Depth Estimation of object

SOnusingh · 2025-07-07T11:16:18+00:00

Is it possible to detect the depth of a person after I have trained yolo ? I have oak ffc 4p and a monocular camera setup of IMX378. I am not looking for accuracy, but the best possible thing next to that.

jakaskerl · 2025-07-07T11:56:22+00:00

SOnusingh
I know we have some existing monocular depth models, but perhaps there is a better solution for an already trained yolo.. cc @KlemenSkrlj

Thanks,
Jaka

KlemenSkrlj · 2025-07-07T12:09:26+00:00

Correct, with a mono setup your ideal pipeline would be to run the YOLO and also run something like MiDaS (as @jakaskerl already shared). You could do some experimenting though if you get better depth prediction if you run mono-depth just on the crop of the person or if it is better to run on the whole frame. Currently we have MiDaS exported for more horizontal input shapes so doing it just on a crop (which would presummebly be more vertical) might not yield the best results. So definitely worth playing around a bit with it.
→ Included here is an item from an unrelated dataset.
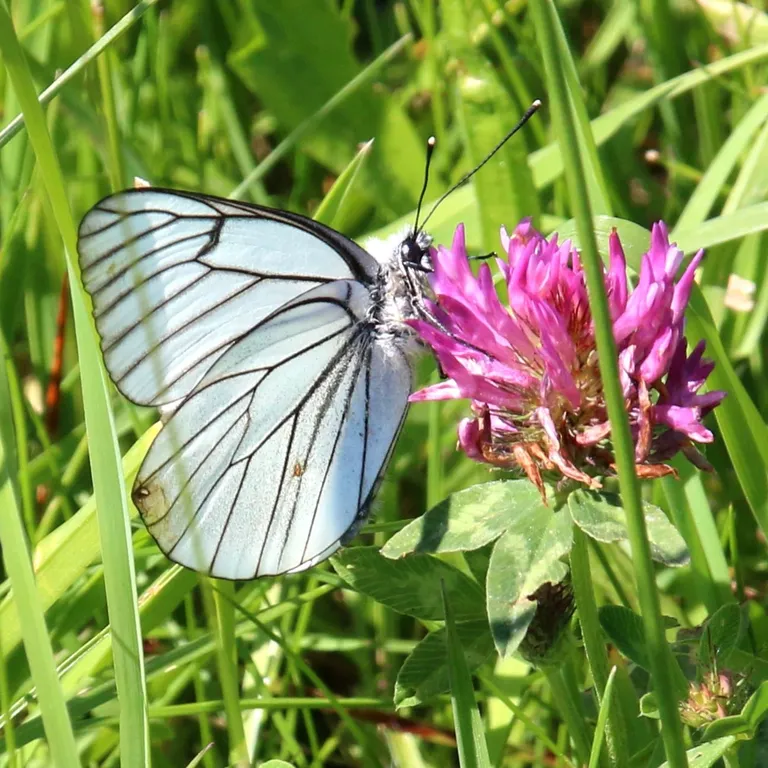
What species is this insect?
Aporia crataegi
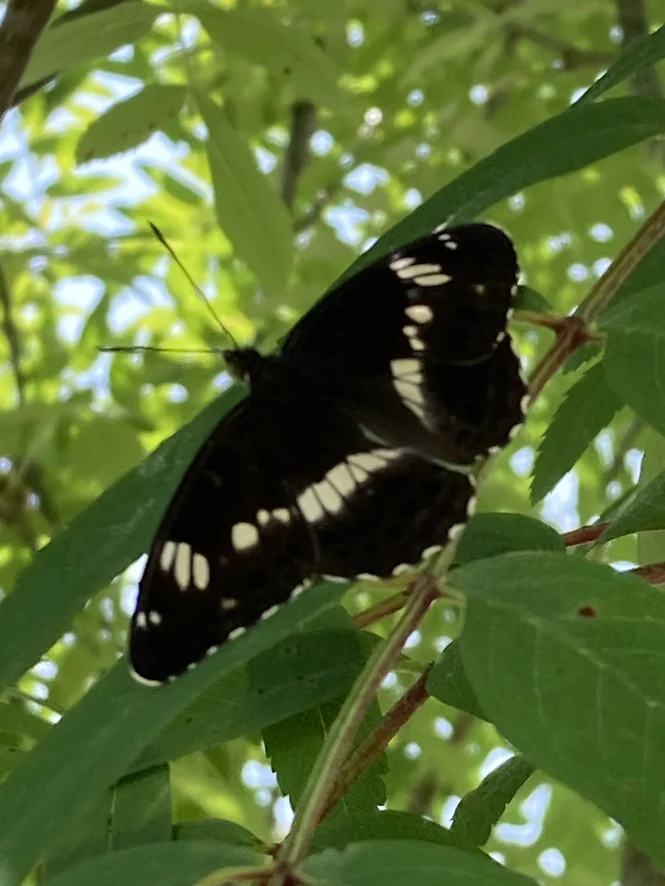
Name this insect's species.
Limenitis camilla (also Ladoga camilla)

SOnusingh · 2025-07-07T13:38:43+00:00

Sure I will look into that. I have been trying to convert luxonis/depth-anything-v2:vit-s-mde-indoors-336x252 onnx

to blob file but the converter fails.

Should I go this way? or try with MiDaS?

KlemenSkrlj · 2025-07-07T14:05:17+00:00

Yeah DepthAnythingV2 is not supported on RVC2 - there are some operations that fail and also the model itself is too big/complex. If you check official models on the ZOO and you see that we didn't export it for specific architecture it usually means that it is not supported or we don't recommend using it on that platform.
So yeah, I would suggest you go with MiDaS and you won't need to re-export it since it is already in our ZOO - but you need to use DepthAIv3 to use the model directly since its is a .superblob file packaged in a NNArchive. You can refer to the documentation here on how to setup inference.

SOnusingh · 2025-07-13T10:10:32+00:00

Thanks, however I don't know how but I was able to get it to work. Not what the results I was looking for, as the results are only relative depth but yeah. It does work.